Each air curtain component of the composite air curtain may be established by having the row of four air curtain generators in or on one of the facing walls direct their air curtains completely across the opening between the facing walls, to impinge on the opposite wall. Alternatively a second row of air curtain generators, similar to the above defined first row, may be arranged in two adjacent but mutually spaced pairs on or in the other of the facing walls, the air curtain generators of the two rows facing one another and each establishing its composite air curtain across half or approximately half of the opening.

USES OF THE COMPOSITE AIR CURTAIN GENERATED ACCORDING TO THE INVENTION

The above composite air curtain has a variety of uses, including both specialist and generalised uses.

Building Access Lobby Isolation

An access doorway providing entrance to or exit from a building may be provided with a composite air curtain seal according to the invention. For the most efficient establishment of that air curtain seal, the facing walls should be parallel to one another and defining a short corridor as long as, or longer than, the row of four air curtain generators. The air curtain generator of the invention therefore lends itself to installation in an access lobby for the building. Preferably that access lobby extends slightly outwardly beyond the external wall of the building, so that any wind or other external air movement directed against the external wall of the building flows past the lobby entrance opening before it establishes a high pressure zone where it is diverted by that external building wall.

The provision of a composite air curtain according to this invention across an access lobby of a building may be accompanied by opening and closing doors to or from the building. For example those doors may be manually or automatically operated sliding or hinged doors designed to open temporarily for a person entering or leaving the access lobby. When the doors are closed, the air curtain may be powered down to run at a reduced air pressure and air curtain speed. When the doors open, the impeller or impellers creating the composite air curtain may be run at an increased speed to create a more efficient air curtain in order the better to resist air flow into or out of the building.
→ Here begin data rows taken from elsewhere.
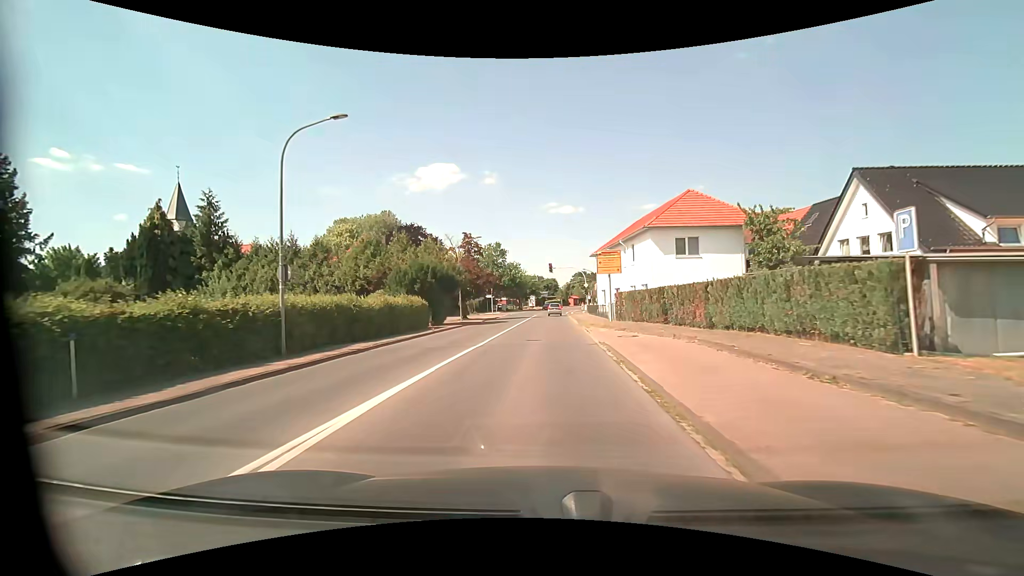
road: tertiary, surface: asphalt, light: Day
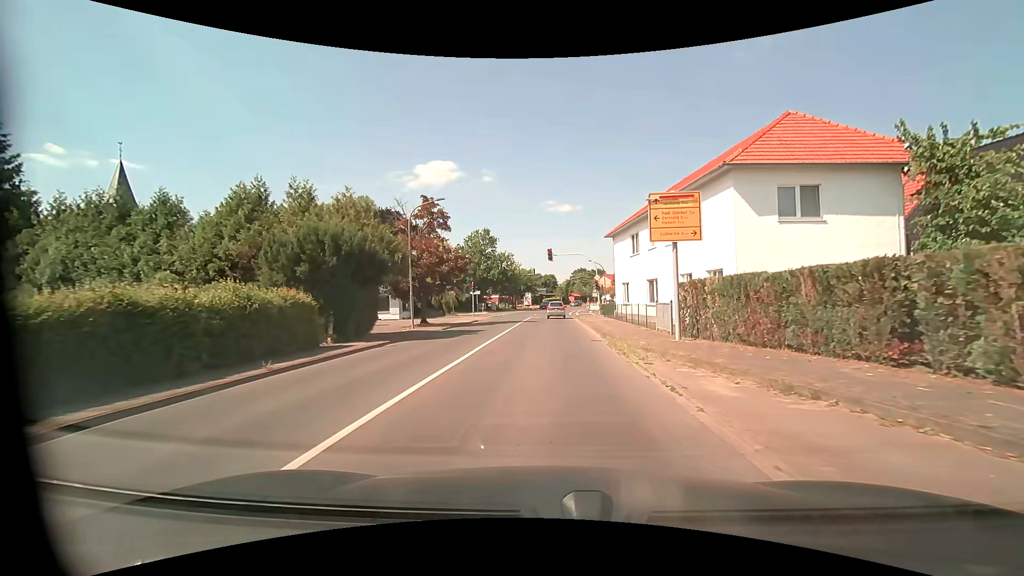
(+0.1, +15.9) m; +1°
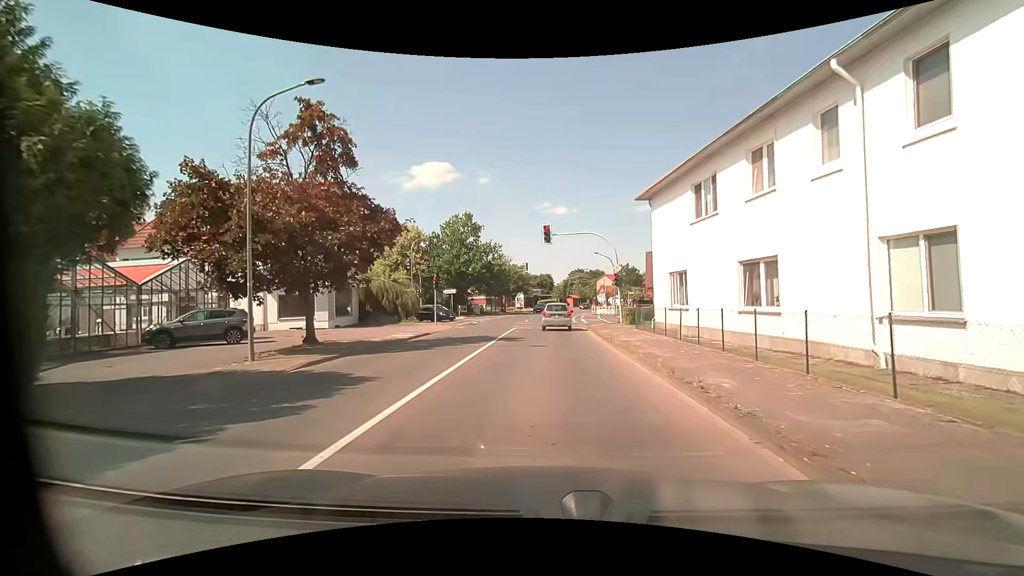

A person entering through the lobby will be aware of the air curtain as he or she walks through it, but because it is directed from a side wall or walls and not from above downwardly onto the head of the person passing through, it provides the sensation of merely a mild breeze and the user is far less aware of the existence of the air curtain than he or she would be if it were a conventional air curtain directed downwardly. If the doors are automatically operated, the control may be such that the doors remain open in times of frequent use, and at the same time the impeller or impellers generating the composite air curtain may be set to operate at maximum speed.

For the above access lobby use, the air collection zone which collects the air forming the composite air curtain for return to the air handling unit is preferably between the pairs of air curtain generators. Such an air collection zone may be provided as a grille and plenum chamber on or in the said one of the walls and/or in the opposite wall, with ducting leading from that plenum chamber to the air flow impeller or impellers. As the air is passed back to the impeller or impellers it is preferably cleaned and filtered.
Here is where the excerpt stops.